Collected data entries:

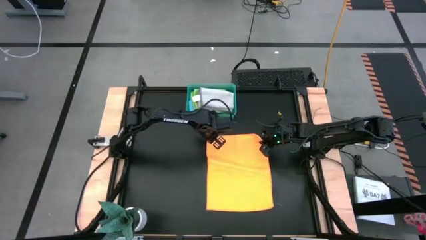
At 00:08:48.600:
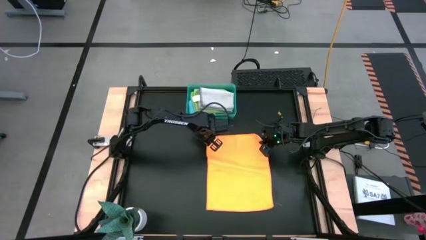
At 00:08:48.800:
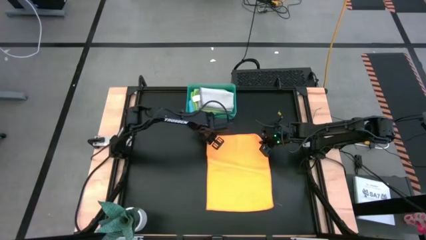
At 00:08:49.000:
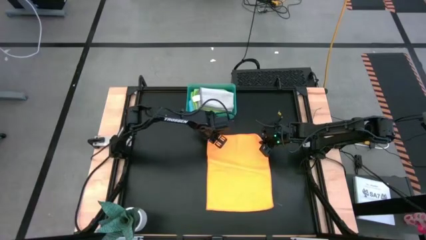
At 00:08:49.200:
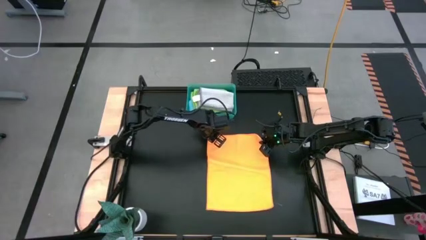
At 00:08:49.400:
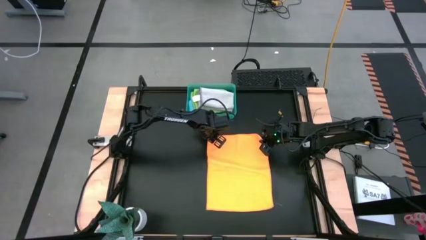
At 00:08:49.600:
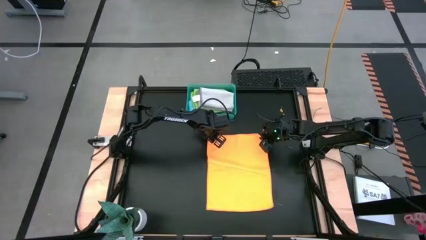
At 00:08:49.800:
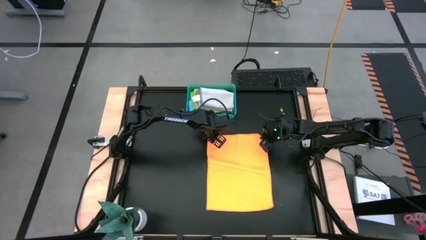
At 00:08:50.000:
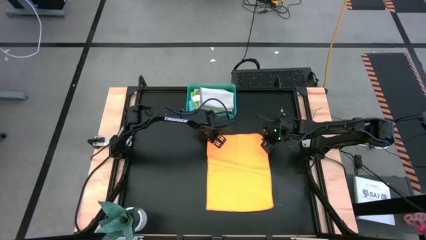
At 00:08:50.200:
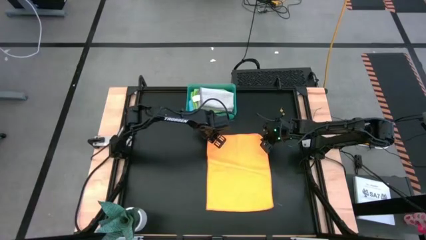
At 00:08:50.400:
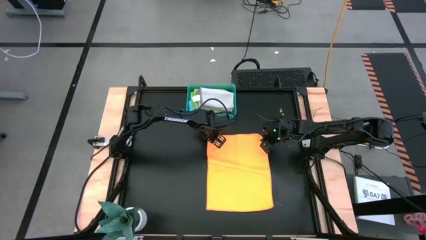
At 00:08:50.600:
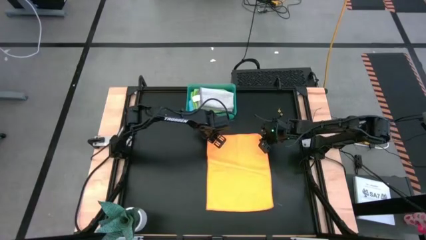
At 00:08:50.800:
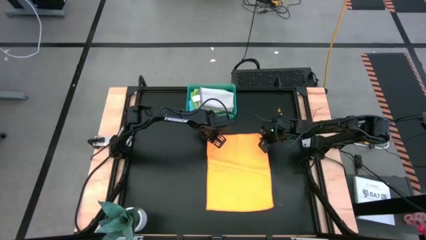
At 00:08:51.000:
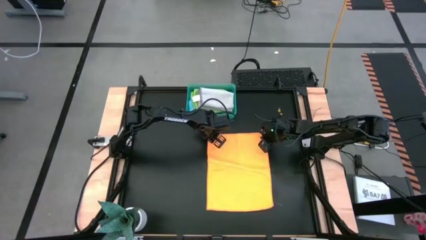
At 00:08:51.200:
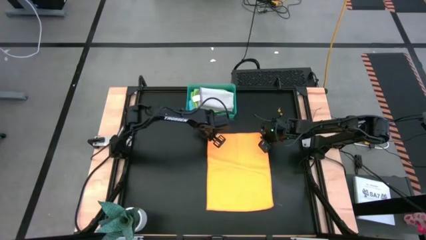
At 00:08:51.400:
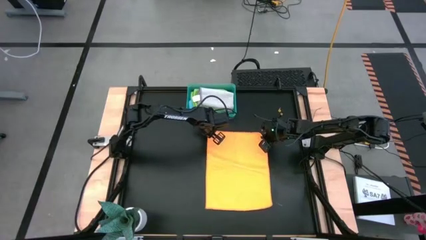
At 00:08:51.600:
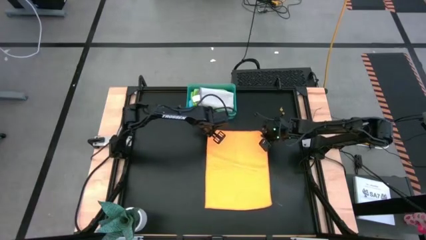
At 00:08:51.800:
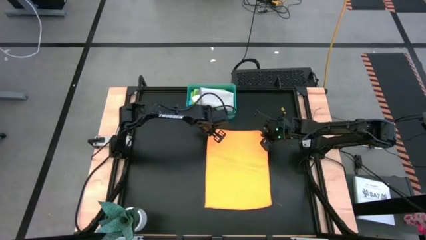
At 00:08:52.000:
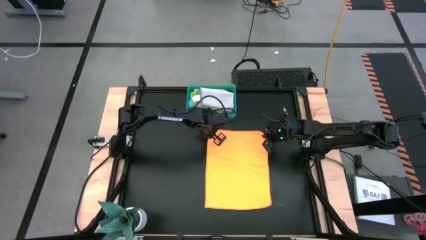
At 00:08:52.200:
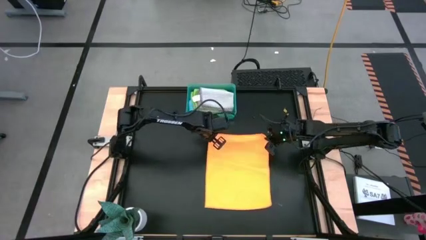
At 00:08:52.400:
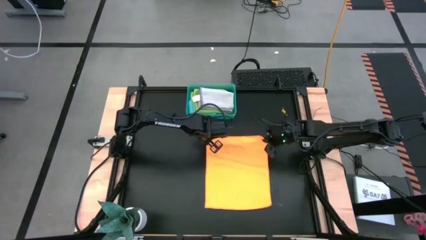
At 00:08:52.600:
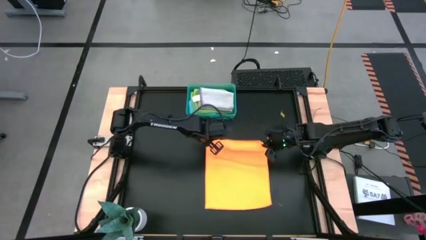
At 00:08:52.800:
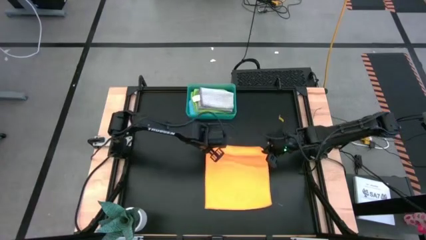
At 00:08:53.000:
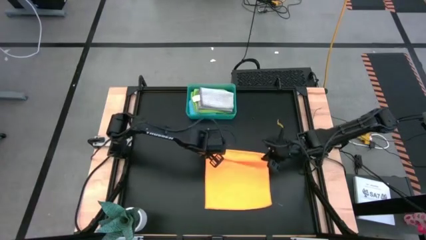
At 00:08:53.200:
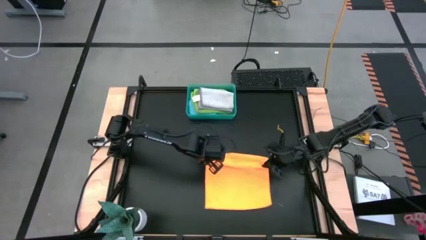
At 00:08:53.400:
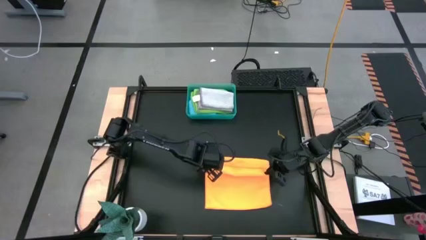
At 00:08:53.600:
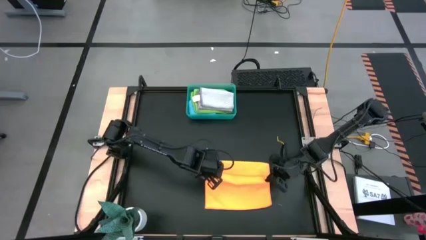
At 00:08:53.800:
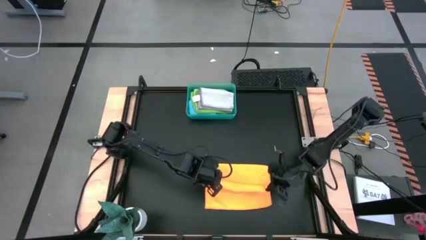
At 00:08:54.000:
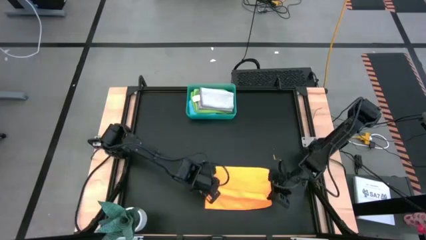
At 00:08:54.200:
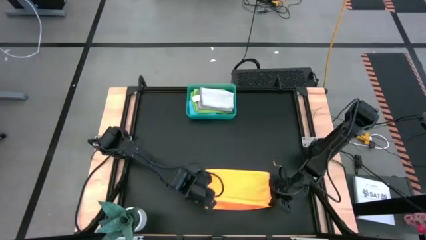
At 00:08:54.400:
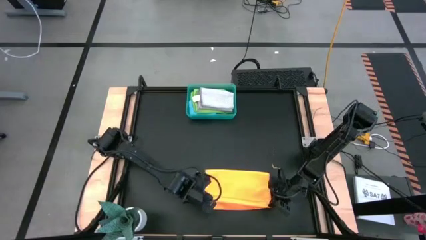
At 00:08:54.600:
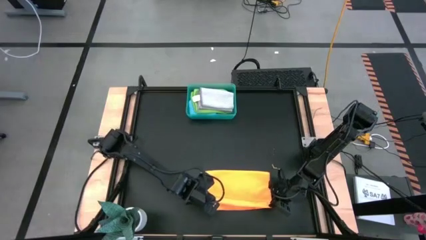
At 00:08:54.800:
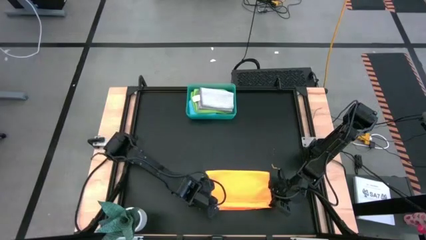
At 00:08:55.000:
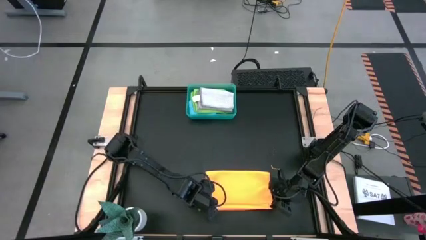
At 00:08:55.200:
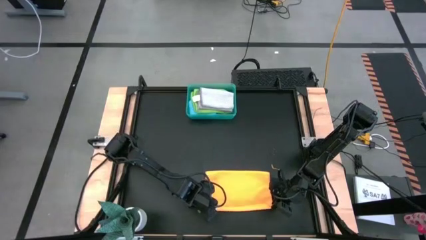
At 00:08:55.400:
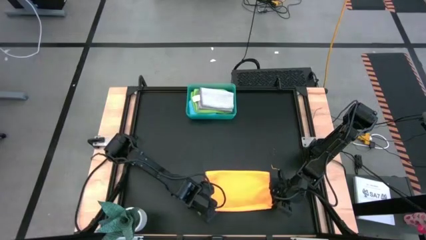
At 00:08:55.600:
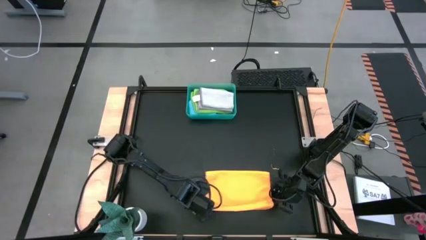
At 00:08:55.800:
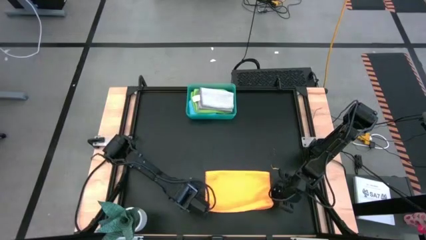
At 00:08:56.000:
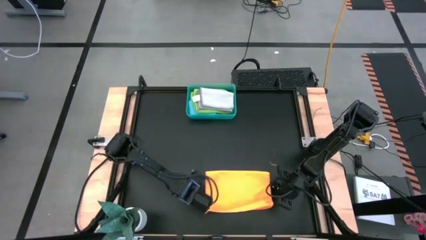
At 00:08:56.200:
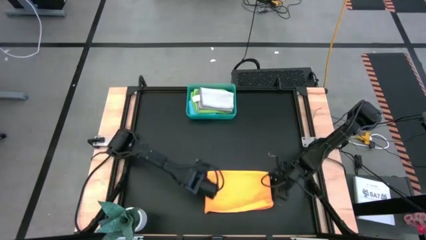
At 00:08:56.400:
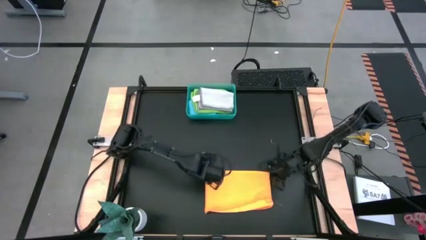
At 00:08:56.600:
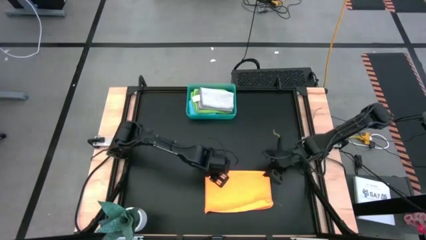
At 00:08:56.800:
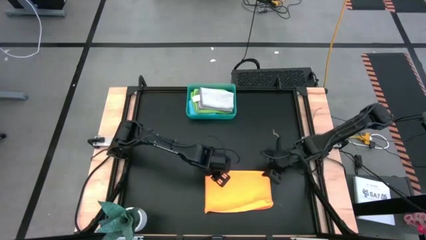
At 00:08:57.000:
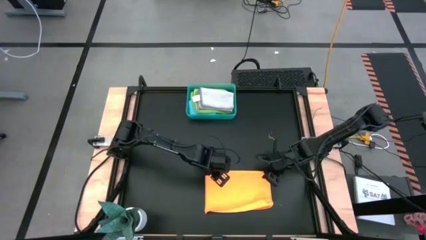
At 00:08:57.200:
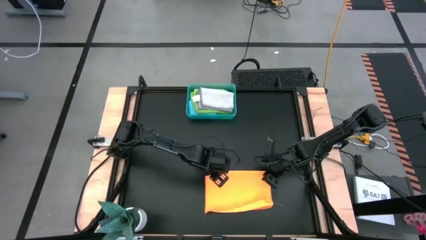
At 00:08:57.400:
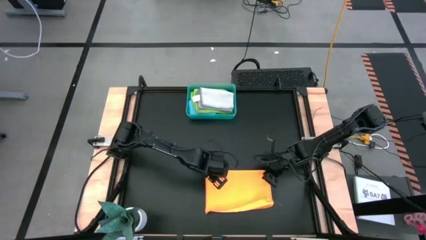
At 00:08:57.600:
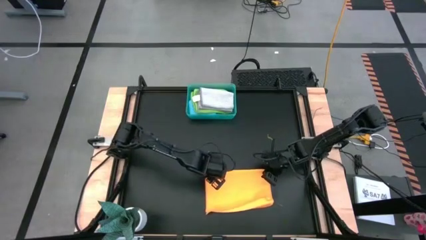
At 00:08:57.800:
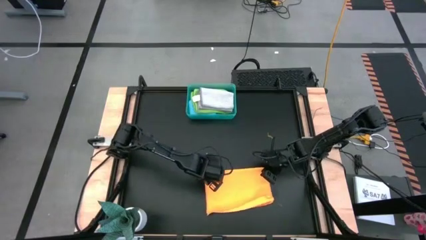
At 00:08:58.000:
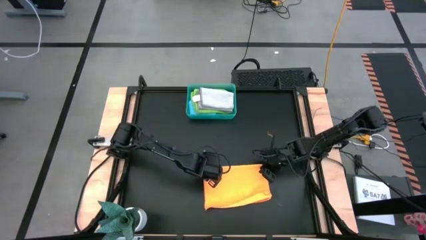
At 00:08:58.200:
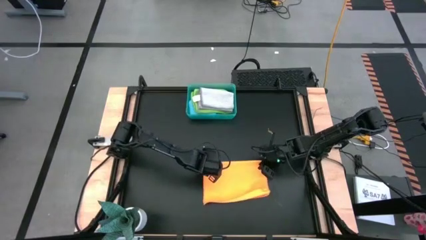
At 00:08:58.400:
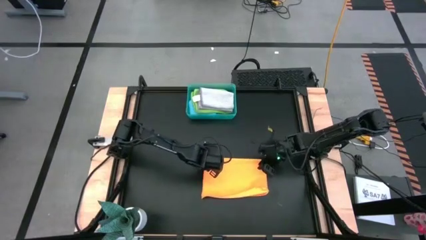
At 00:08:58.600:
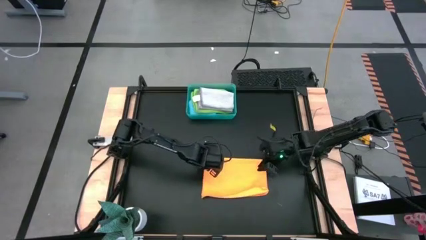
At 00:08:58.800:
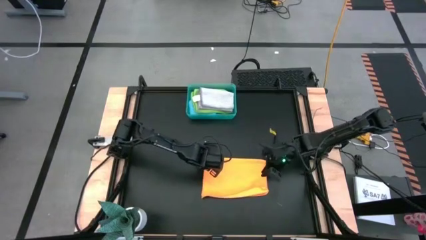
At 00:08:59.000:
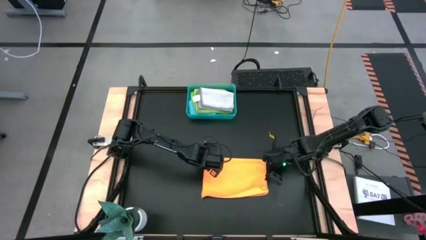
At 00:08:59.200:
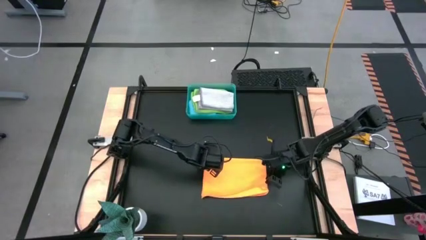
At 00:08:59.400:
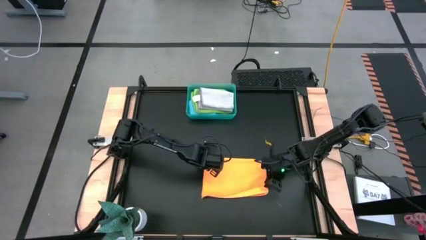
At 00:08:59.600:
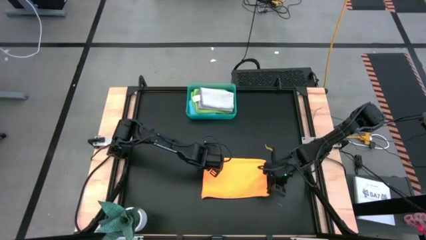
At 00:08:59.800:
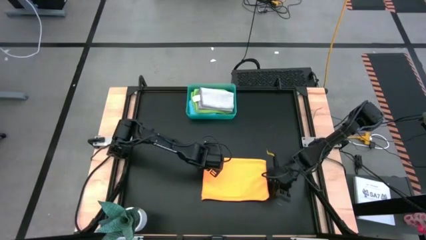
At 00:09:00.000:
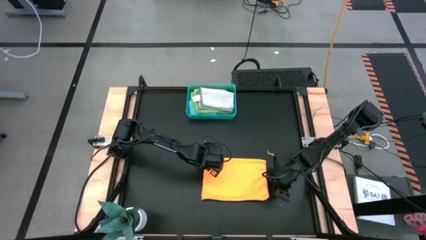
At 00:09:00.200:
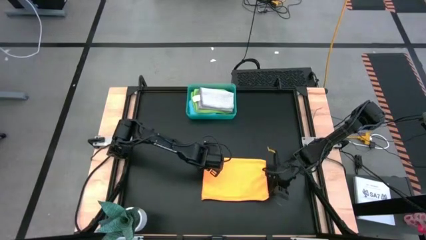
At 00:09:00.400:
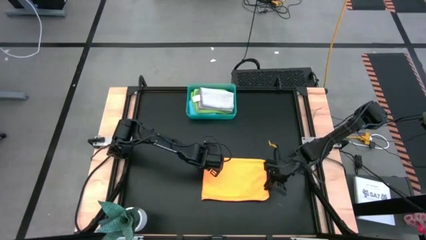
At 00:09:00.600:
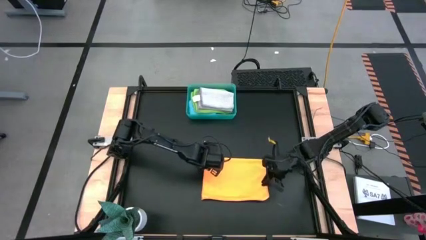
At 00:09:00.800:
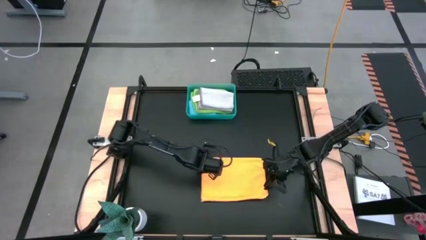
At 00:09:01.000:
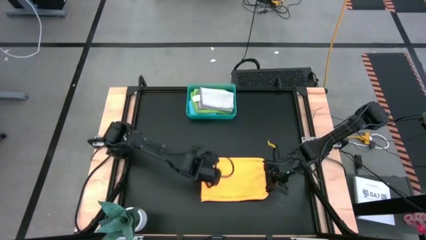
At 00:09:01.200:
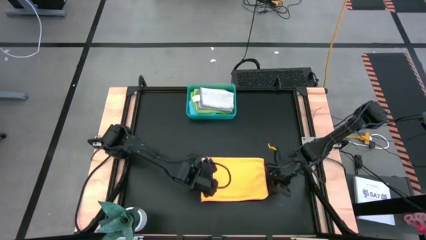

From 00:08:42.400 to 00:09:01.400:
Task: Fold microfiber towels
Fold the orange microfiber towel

» Task brief
Word for word, give the entries above again, with no images included.

» The completed task
At 00:08:48.600:
At 00:08:48.800:
At 00:08:49.000:
At 00:08:49.200:
At 00:08:49.400:
At 00:08:49.600:
At 00:08:49.800:
At 00:08:50.000:
At 00:08:50.200:
At 00:08:50.400:
At 00:08:50.600:
At 00:08:50.800:
At 00:08:51.000:
At 00:08:51.200:
At 00:08:51.400:
At 00:08:51.600:
At 00:08:51.800:
At 00:08:52.000:
At 00:08:52.200:
At 00:08:52.400:
At 00:08:52.600:
At 00:08:52.800:
At 00:08:53.000:
At 00:08:53.200:
At 00:08:53.400:
At 00:08:53.600:
At 00:08:53.800:
At 00:08:54.000:
At 00:08:54.200:
At 00:08:54.400:
At 00:08:54.600:
At 00:08:54.800:
At 00:08:55.000:
At 00:08:55.200:
At 00:08:55.400:
At 00:08:55.600:
At 00:08:55.800:
At 00:08:56.000:
At 00:08:56.200:
At 00:08:56.400:
At 00:08:56.600:
At 00:08:56.800:
At 00:08:57.000:
At 00:08:57.200:
At 00:08:57.400:
At 00:08:57.600:
At 00:08:57.800:
At 00:08:58.000:
At 00:08:58.200:
At 00:08:58.400:
At 00:08:58.600:
At 00:08:58.800:
At 00:08:59.000:
At 00:08:59.200:
At 00:08:59.400:
At 00:08:59.600:
At 00:08:59.800:
At 00:09:00.000:
At 00:09:00.200:
At 00:09:00.400:
At 00:09:00.600:
At 00:09:00.800:
At 00:09:01.000:
At 00:09:01.200:

From 00:08:42.400 to 00:09:01.400:
Task: Fold microfiber towels
Fold the orange microfiber towel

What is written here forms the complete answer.